## Work instruction
For each line below that contains the word "coniferous", return that line.

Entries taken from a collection
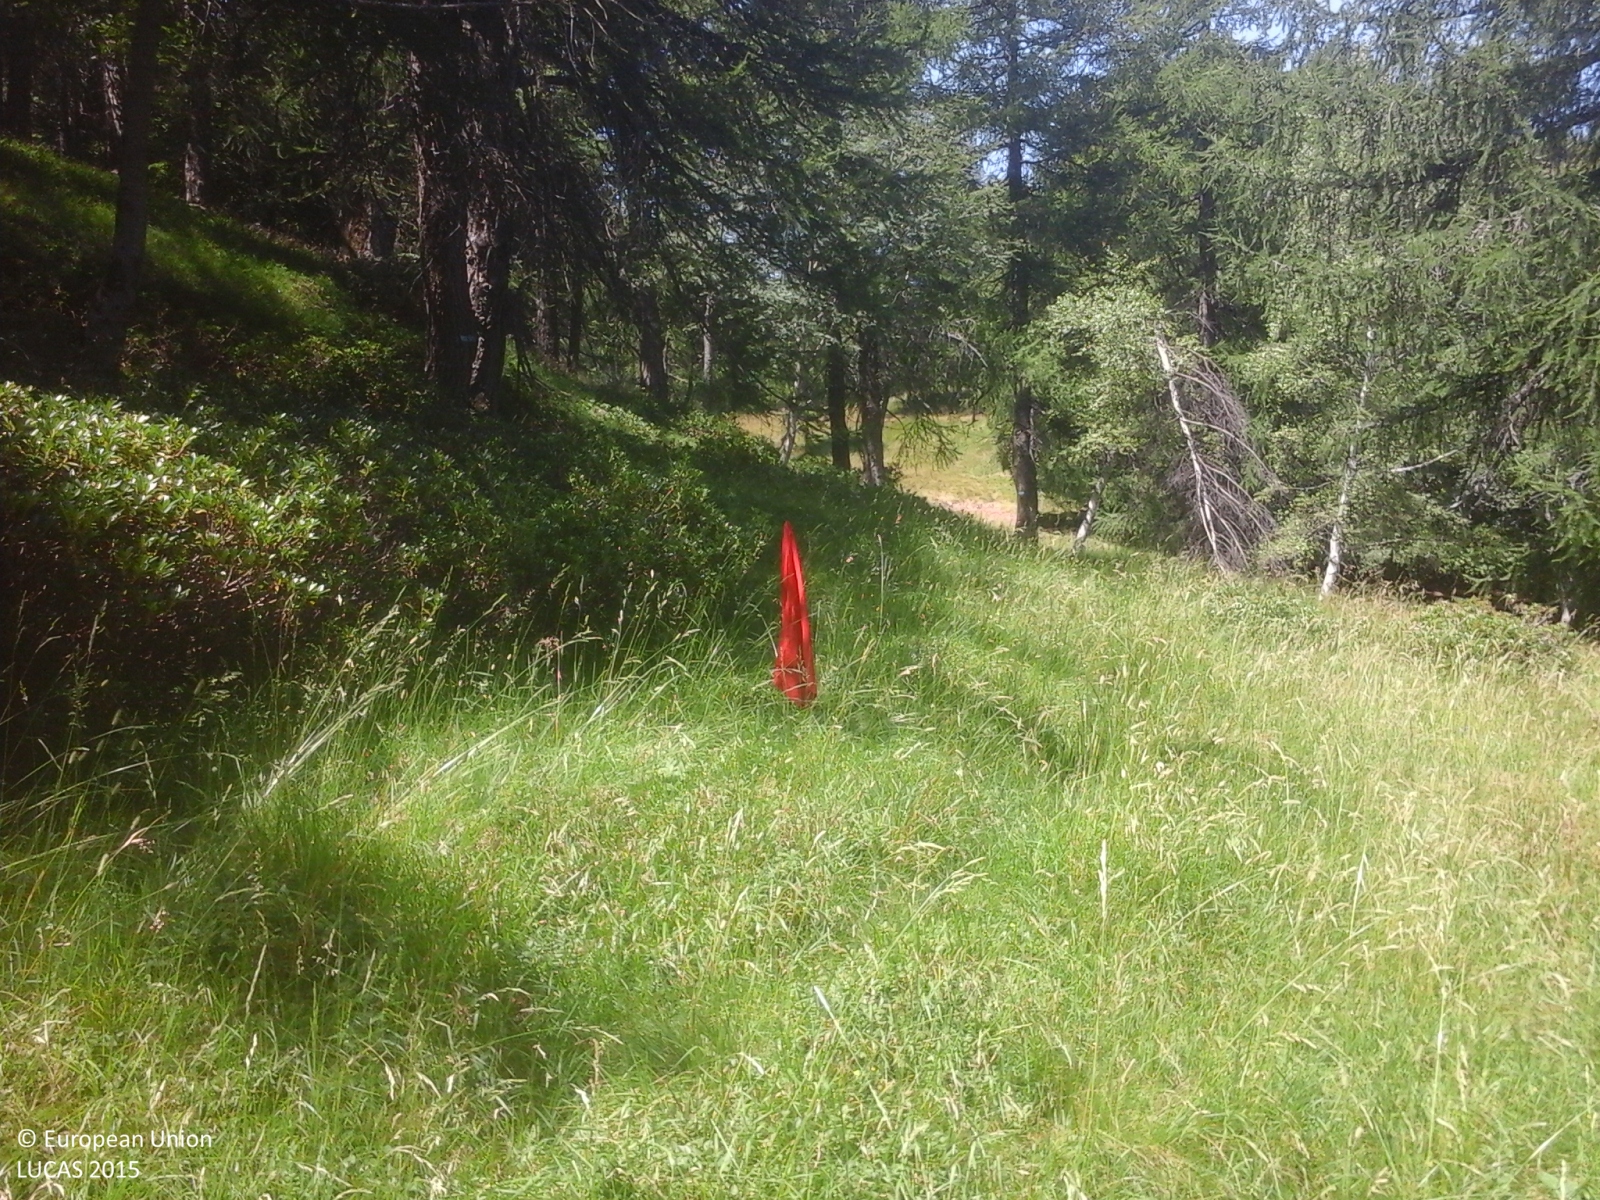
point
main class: Woodland
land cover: Spruce dominated mixed woodland
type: alpine coniferous forest
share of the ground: > 75 %
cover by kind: coniferous forest trees 65 %, broadleaved forest trees 25 %, herbaceous plants 10 %
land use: Forestry
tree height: > 5 m
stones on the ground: < 10 %
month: July
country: IT
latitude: 46.0971
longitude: 9.3671
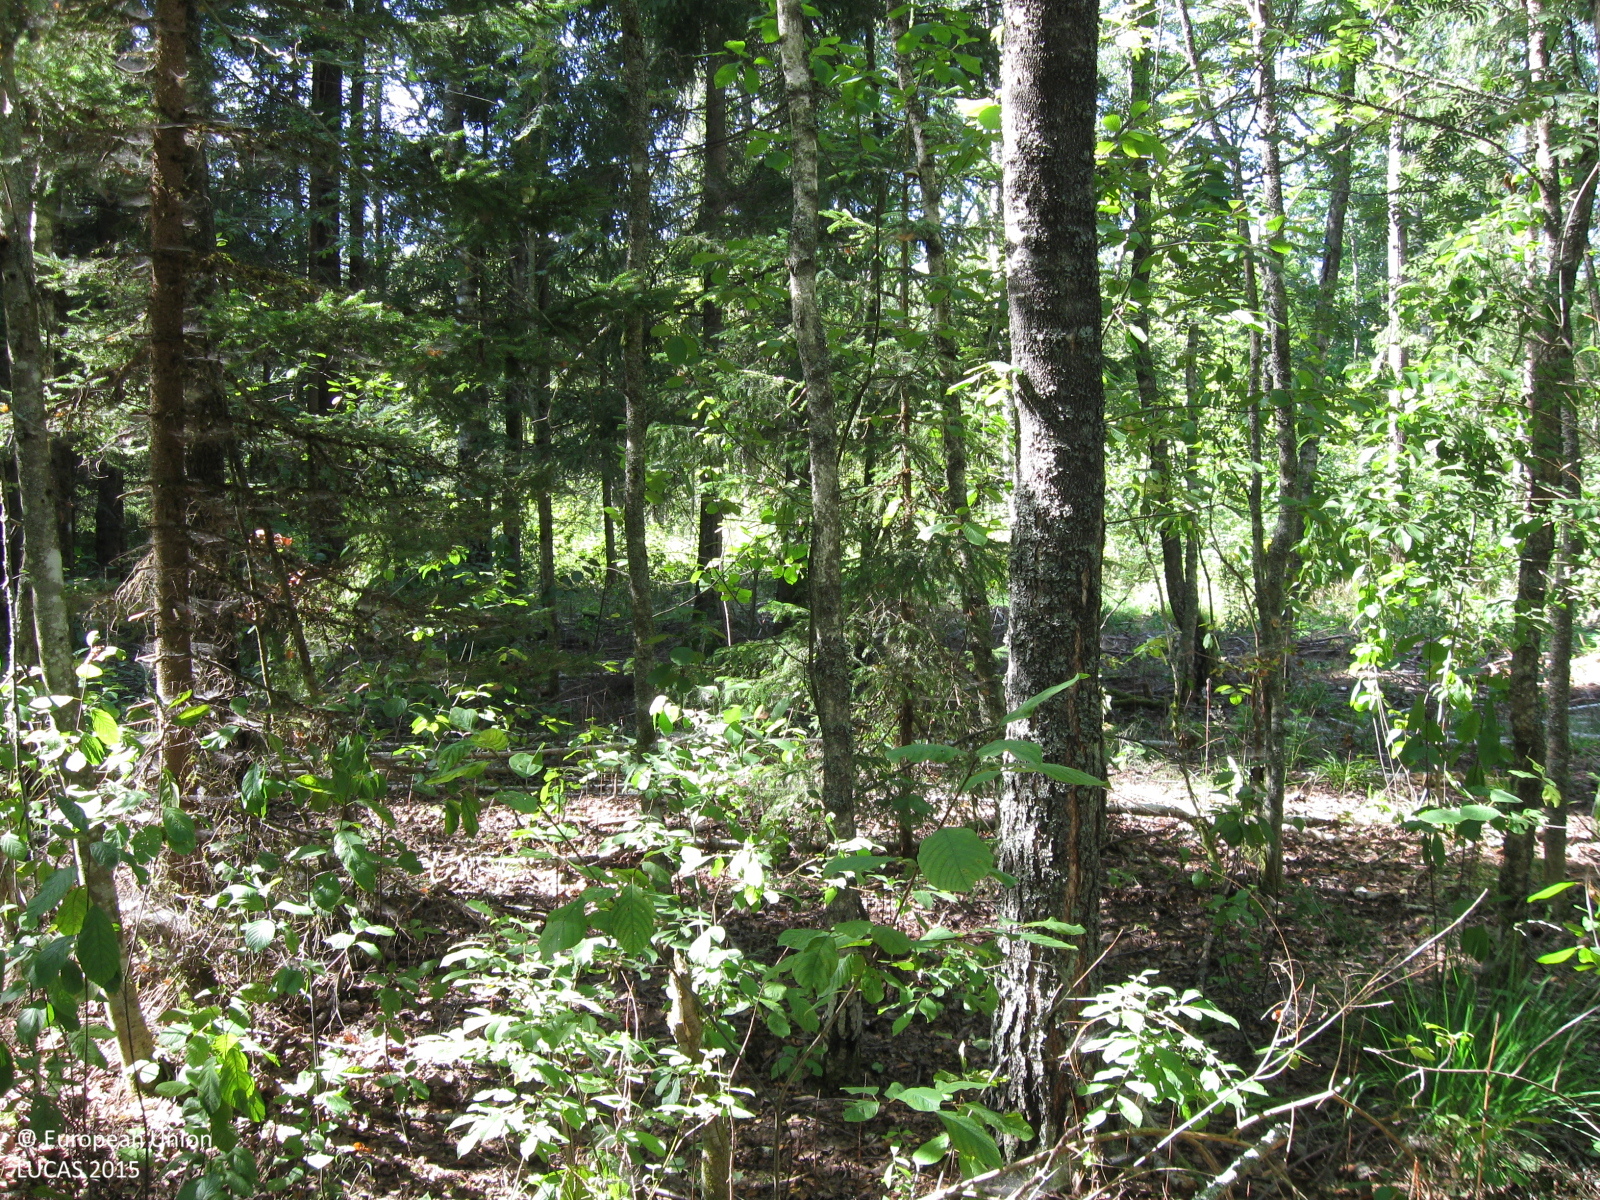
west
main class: Woodland
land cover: Other mixed woodland
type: hemiboreal forest and nemoral coniferous forest and mixed broadleaved-coniferous forest
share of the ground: > 75 %
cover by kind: broadleaved forest trees 65 %, coniferous forest trees 30 %, herbaceous plants 5 %
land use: Forestry
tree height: > 5 m
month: August
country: LT
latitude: 55.5838
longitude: 22.5791

## Result
type: alpine coniferous forest
cover by kind: coniferous forest trees 65 %, broadleaved forest trees 25 %, herbaceous plants 10 %
type: hemiboreal forest and nemoral coniferous forest and mixed broadleaved-coniferous forest
cover by kind: broadleaved forest trees 65 %, coniferous forest trees 30 %, herbaceous plants 5 %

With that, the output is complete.